Il licenziamento individuale di un lavoratore con contratto di lavoro a tempo subordinato a tempo indeterminato può avvenire per giusta causa (ex art. 2119 c.c.) o giustificato motivo, di cui all’art. 3 Legge 604/1966.

Occorrerà, pertanto, esaminare specificamente le due distinte ipotesi.

La giusta causa di licenziamento. Nozione e casistica.

Ai sensi dell’art. 2119, comma 1, c.c., “ciascuno dei contraenti può recedere dal contratto prima della scadenza del termine, se il contratto è a tempo determinato, o senza preavviso, se il contratto è a tempo indeterminato, qualora si verifichi una causa che non consenta la prosecuzione anche provvisoria del rapporto.

Secondo la teoria prevalente, la giusta causa consisterebbe nella violazione da parte del lavoratore della fiducia del datore di lavoro, posta a fondamento del rapporto stesso e riconducibile a fatti non costituenti necessariamente un inadempimento contrattuale.

Sotto questo profilo, pertanto, rientrerebbero nella nozione di giusta causa non solo quei comportamenti che costituiscono un grave inadempimento contrattuale, ma anche quei fatti e comportamenti estranei alla sfera del rapporto di lavoro, tali da ledere la fiducia tra le parti.

In generale, per la Corte di Cassazione, la nozione di giusta causa costituisce una clausola generale che deve essere integrata dalla giurisprudenza mediante la puntualizzazione di elementi di dettaglio che ne precisino il significato.

La giurisprudenza generalmente ritiene che i comportamenti del lavoratore nella sua vita privata siano estranei all’esecuzione della prestazione lavorativa e che, pertanto, siano normalmente irrilevanti ai fini della lesione del rapporto fiduciario che costituisce giusta causa di licenziamento, a meno che, per la loro gravità e natura, siano tali da far ritenere il lavoratore professionalmente inidoneo alla prosecuzione del rapporto.
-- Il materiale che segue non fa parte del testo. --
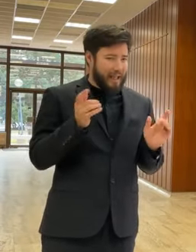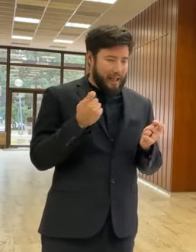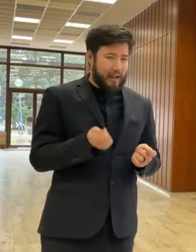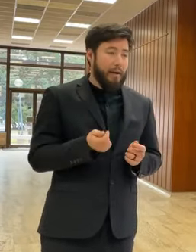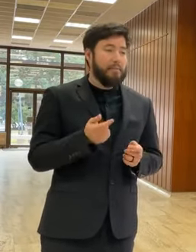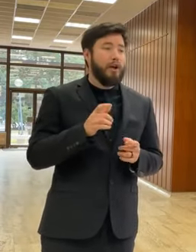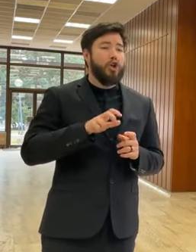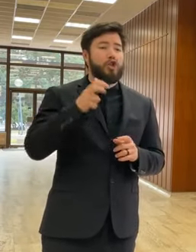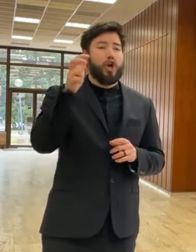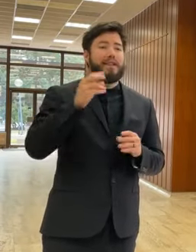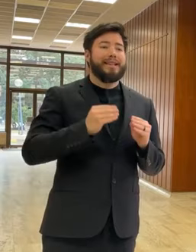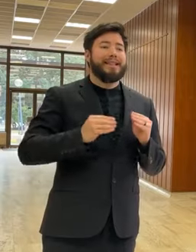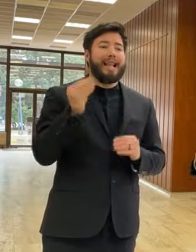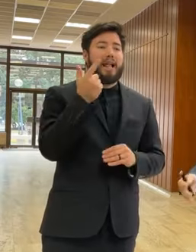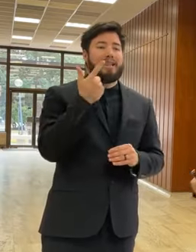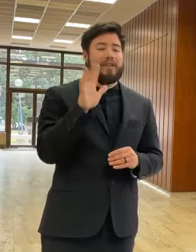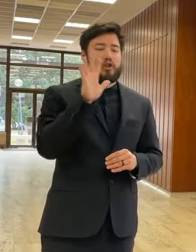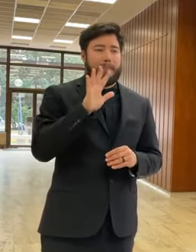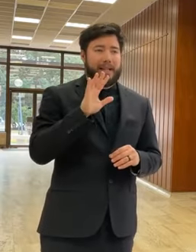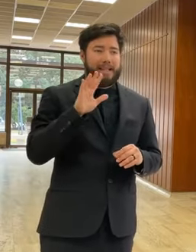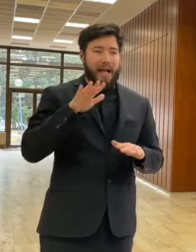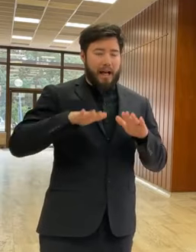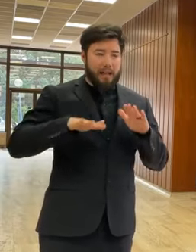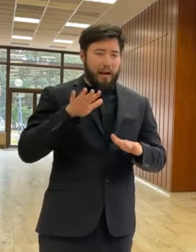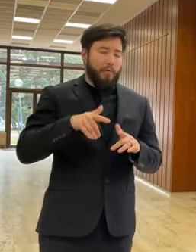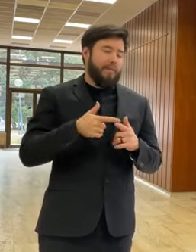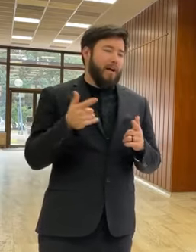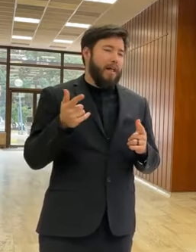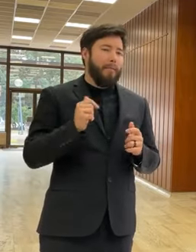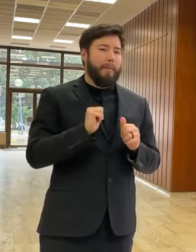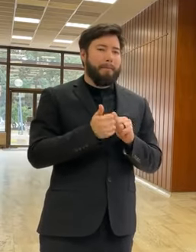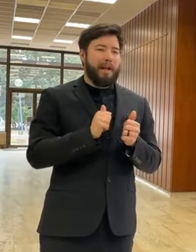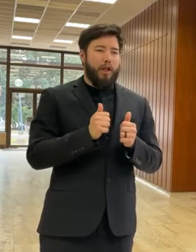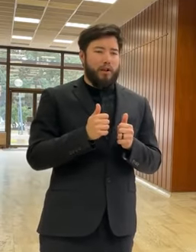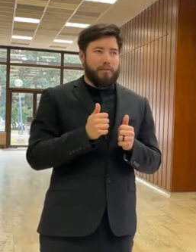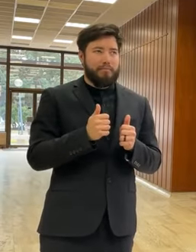250 gramov, alebo piloti tých

Ai fini della valutazione del comportamento del lavoratore, si dovrà tenere conto delle caratteristiche del rapporto di lavoro e in particolare, con riferimento all’elemento fiduciario, all’intensità con la quale tale comportamento è stato posto in essere, ben potendo essere irrilevante che i comportamenti addebitati al lavoratore abbiano o meno comportato un danno per il datore di lavoro (Cass. n. 16864/2006).

Su questa linea, infatti, la Cassazione ha recentemente affermato che il furto di modica entità è idoneo a giustificare il licenziamento per giusta causa per “il valore sintomatico che lo stesso può assumere rispetto ai futuri comportamenti del lavoratore, e quindi alla fiducia che nello stesso può nutrire l’azienda” (Cass. n. 24014/2017).

La violazione dell’obbligo di fedeltà può costituire giusta causa di licenziamento, come nel caso in cui il lavoratore abbia posto in essere atti volti ad avviare un’attività in concorrenza con quella del proprio datore di lavoro (Trib. Milano 23/11/2012).

È stata ritenuta sussistente la giusta causa di licenziamento nell’ipotesi in cui il lavoratore sia stato condannato per il reato di detenzione di sostanze stupefacenti con sentenza emessa in seguito a patteggiamento e divenuta irrevocabile (Trib. Perugia 31/12/1994).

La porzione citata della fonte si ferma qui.